• _Try it_
Without including pictures, set down every record exactly as it stands.

• _Listed entries_
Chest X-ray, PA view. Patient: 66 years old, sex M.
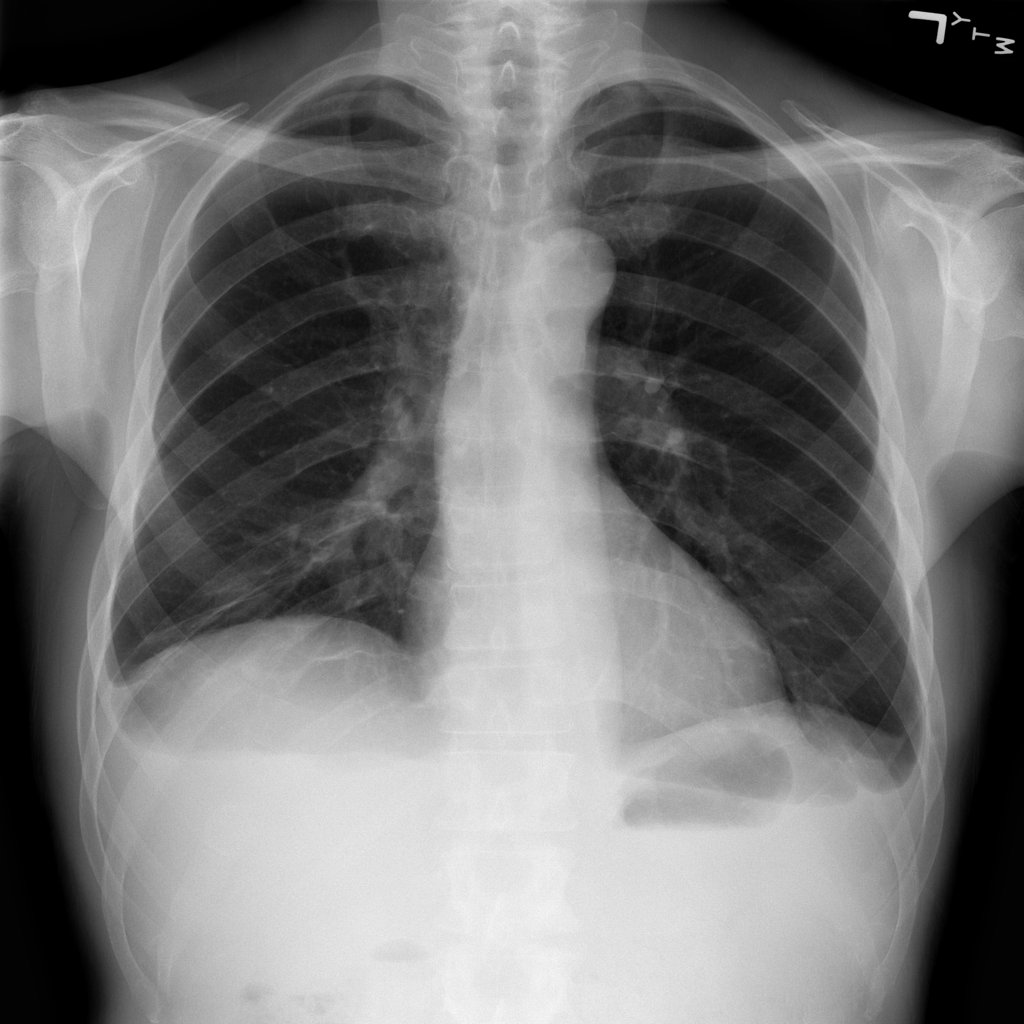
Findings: Atelectasis, Effusion
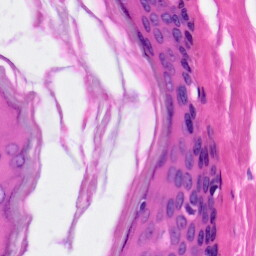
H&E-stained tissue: Skin
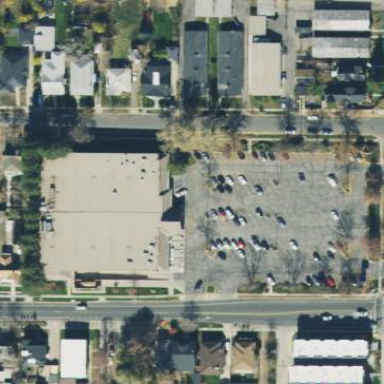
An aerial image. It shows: Supermarket building.
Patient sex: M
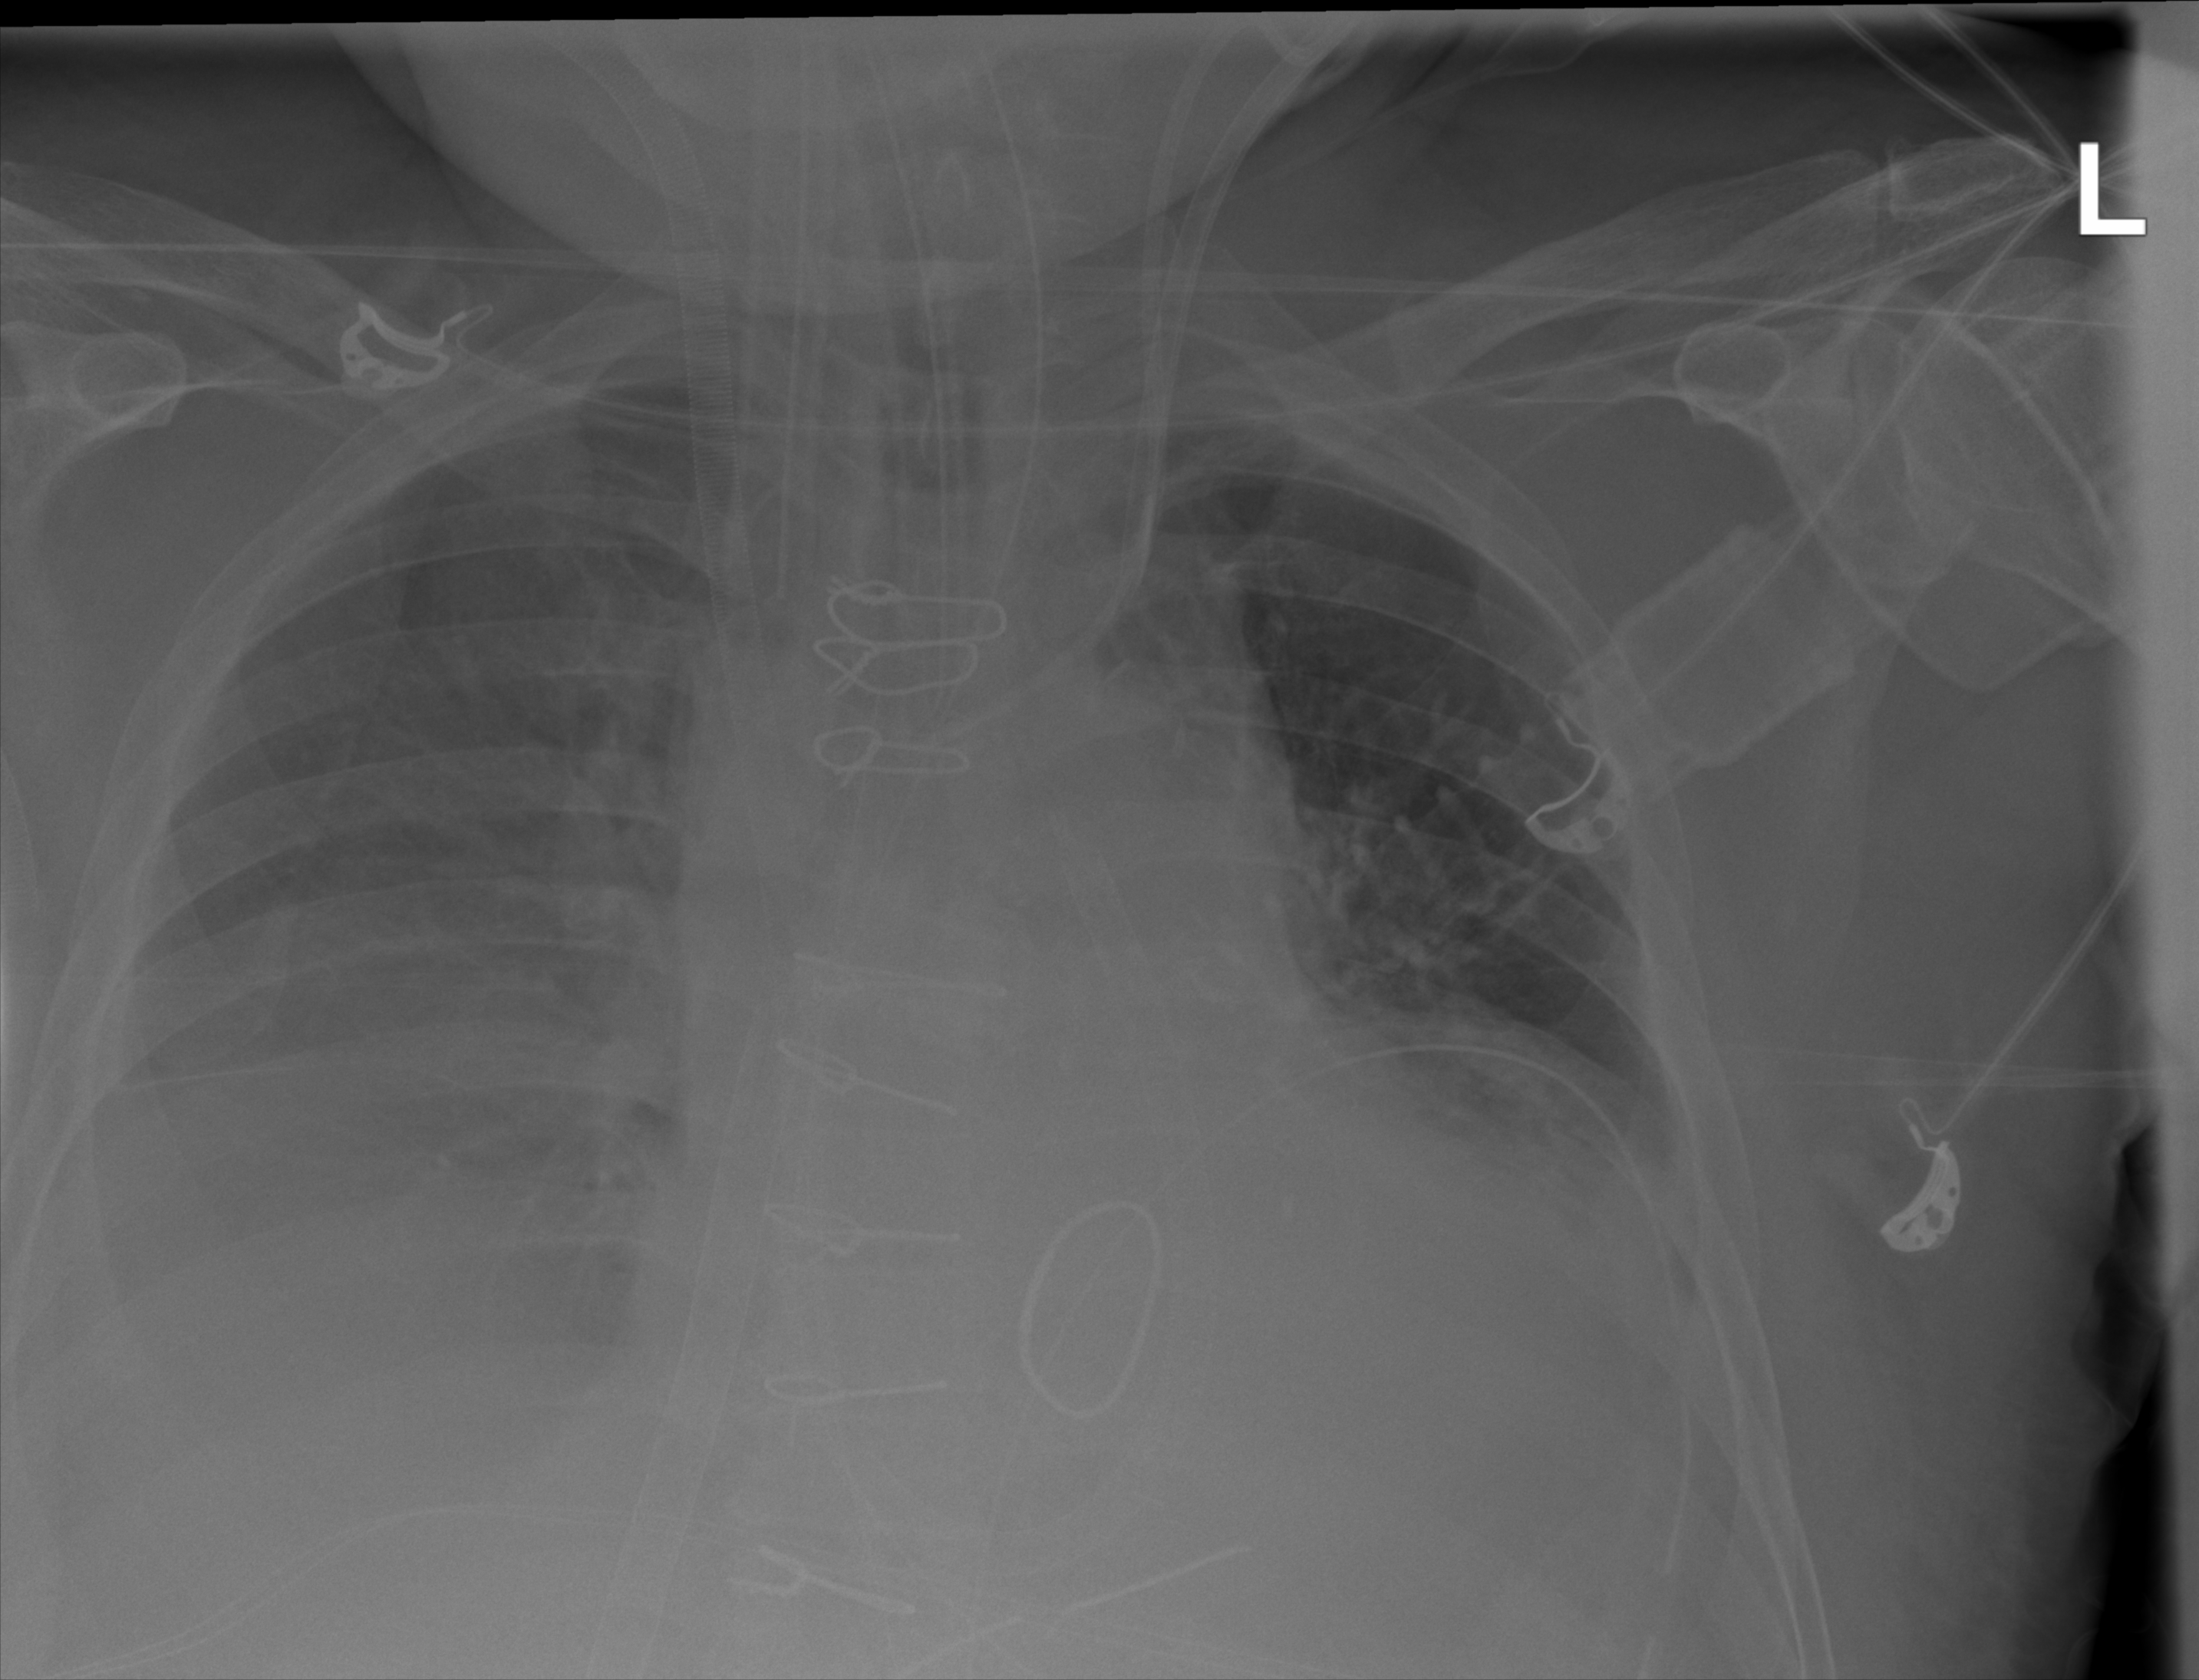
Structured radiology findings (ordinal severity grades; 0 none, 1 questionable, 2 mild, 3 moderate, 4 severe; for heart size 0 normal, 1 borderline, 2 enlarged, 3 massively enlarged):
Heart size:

• _Result_
Chest X-ray, PA view. Patient: 66 years old, sex M.
Findings: Atelectasis, Effusion
H&E-stained tissue: Skin
An aerial image. It shows: Supermarket building.
Patient sex: M
Structured radiology findings (ordinal severity grades; 0 none, 1 questionable, 2 mild, 3 moderate, 4 severe; for heart size 0 normal, 1 borderline, 2 enlarged, 3 massively enlarged):
Heart size:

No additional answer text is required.